- Problem statement
Reproduce the data in its entirety, exactly as supplied.

[Supplied material Boundary: Start]

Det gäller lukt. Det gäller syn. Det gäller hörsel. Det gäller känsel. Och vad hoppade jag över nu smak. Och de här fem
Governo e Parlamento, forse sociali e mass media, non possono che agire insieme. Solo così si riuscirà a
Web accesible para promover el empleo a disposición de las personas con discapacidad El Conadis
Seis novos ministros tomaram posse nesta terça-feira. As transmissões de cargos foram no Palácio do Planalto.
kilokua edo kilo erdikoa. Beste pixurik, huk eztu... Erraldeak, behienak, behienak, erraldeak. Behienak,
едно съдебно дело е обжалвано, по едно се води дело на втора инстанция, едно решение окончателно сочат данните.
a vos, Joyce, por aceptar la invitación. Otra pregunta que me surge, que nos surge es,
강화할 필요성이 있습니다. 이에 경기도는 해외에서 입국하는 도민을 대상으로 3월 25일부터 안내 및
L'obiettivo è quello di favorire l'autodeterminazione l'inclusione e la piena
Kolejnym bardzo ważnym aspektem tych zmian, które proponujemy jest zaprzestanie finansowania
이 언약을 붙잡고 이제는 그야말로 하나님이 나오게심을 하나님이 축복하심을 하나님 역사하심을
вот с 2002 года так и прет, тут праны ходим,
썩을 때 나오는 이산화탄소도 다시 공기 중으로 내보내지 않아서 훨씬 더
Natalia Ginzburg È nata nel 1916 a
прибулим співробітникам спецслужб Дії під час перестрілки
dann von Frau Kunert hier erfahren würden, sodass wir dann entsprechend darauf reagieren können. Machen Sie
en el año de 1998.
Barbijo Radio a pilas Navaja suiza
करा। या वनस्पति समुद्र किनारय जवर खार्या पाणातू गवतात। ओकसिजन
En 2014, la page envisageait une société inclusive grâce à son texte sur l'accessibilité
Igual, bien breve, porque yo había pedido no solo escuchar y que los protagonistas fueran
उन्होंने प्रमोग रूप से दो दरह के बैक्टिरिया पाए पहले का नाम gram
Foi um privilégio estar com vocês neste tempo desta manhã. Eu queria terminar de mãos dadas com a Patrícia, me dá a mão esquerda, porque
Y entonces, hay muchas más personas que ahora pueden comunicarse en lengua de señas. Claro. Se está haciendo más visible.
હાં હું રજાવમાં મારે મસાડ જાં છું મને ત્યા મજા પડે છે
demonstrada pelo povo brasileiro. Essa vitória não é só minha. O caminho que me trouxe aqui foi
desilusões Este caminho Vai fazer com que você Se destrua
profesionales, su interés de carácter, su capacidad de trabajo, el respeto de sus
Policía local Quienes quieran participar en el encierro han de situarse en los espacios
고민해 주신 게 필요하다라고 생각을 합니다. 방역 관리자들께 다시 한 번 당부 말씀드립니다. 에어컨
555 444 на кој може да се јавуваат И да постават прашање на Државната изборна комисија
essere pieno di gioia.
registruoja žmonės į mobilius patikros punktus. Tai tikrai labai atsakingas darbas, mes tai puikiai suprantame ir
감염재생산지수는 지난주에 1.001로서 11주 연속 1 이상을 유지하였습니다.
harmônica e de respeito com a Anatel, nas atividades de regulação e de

[Supplied material Boundary: End]

- Your response
Det gäller lukt. Det gäller syn. Det gäller hörsel. Det gäller känsel. Och vad hoppade jag över nu smak. Och de här fem
Governo e Parlamento, forse sociali e mass media, non possono che agire insieme. Solo così si riuscirà a
Web accesible para promover el empleo a disposición de las personas con discapacidad El Conadis
Seis novos ministros tomaram posse nesta terça-feira. As transmissões de cargos foram no Palácio do Planalto.
kilokua edo kilo erdikoa. Beste pixurik, huk eztu... Erraldeak, behienak, behienak, erraldeak. Behienak,
едно съдебно дело е обжалвано, по едно се води дело на втора инстанция, едно решение окончателно сочат данните.
a vos, Joyce, por aceptar la invitación. Otra pregunta que me surge, que nos surge es,
강화할 필요성이 있습니다. 이에 경기도는 해외에서 입국하는 도민을 대상으로 3월 25일부터 안내 및
L'obiettivo è quello di favorire l'autodeterminazione l'inclusione e la piena
Kolejnym bardzo ważnym aspektem tych zmian, które proponujemy jest zaprzestanie finansowania
이 언약을 붙잡고 이제는 그야말로 하나님이 나오게심을 하나님이 축복하심을 하나님 역사하심을
вот с 2002 года так и прет, тут праны ходим,
썩을 때 나오는 이산화탄소도 다시 공기 중으로 내보내지 않아서 훨씬 더
Natalia Ginzburg È nata nel 1916 a
прибулим співробітникам спецслужб Дії під час перестрілки
dann von Frau Kunert hier erfahren würden, sodass wir dann entsprechend darauf reagieren können. Machen Sie
en el año de 1998.
Barbijo Radio a pilas Navaja suiza
करा। या वनस्पति समुद्र किनारय जवर खार्या पाणातू गवतात। ओकसिजन
En 2014, la page envisageait une société inclusive grâce à son texte sur l'accessibilité
Igual, bien breve, porque yo había pedido no solo escuchar y que los protagonistas fueran
उन्होंने प्रमोग रूप से दो दरह के बैक्टिरिया पाए पहले का नाम gram
Foi um privilégio estar com vocês neste tempo desta manhã. Eu queria terminar de mãos dadas com a Patrícia, me dá a mão esquerda, porque
Y entonces, hay muchas más personas que ahora pueden comunicarse en lengua de señas. Claro. Se está haciendo más visible.
હાં હું રજાવમાં મારે મસાડ જાં છું મને ત્યા મજા પડે છે
demonstrada pelo povo brasileiro. Essa vitória não é só minha. O caminho que me trouxe aqui foi
desilusões Este caminho Vai fazer com que você Se destrua
profesionales, su interés de carácter, su capacidad de trabajo, el respeto de sus
Policía local Quienes quieran participar en el encierro han de situarse en los espacios
고민해 주신 게 필요하다라고 생각을 합니다. 방역 관리자들께 다시 한 번 당부 말씀드립니다. 에어컨
555 444 на кој може да се јавуваат И да постават прашање на Државната изборна комисија
essere pieno di gioia.
registruoja žmonės į mobilius patikros punktus. Tai tikrai labai atsakingas darbas, mes tai puikiai suprantame ir
감염재생산지수는 지난주에 1.001로서 11주 연속 1 이상을 유지하였습니다.
harmônica e de respeito com a Anatel, nas atividades de regulação e de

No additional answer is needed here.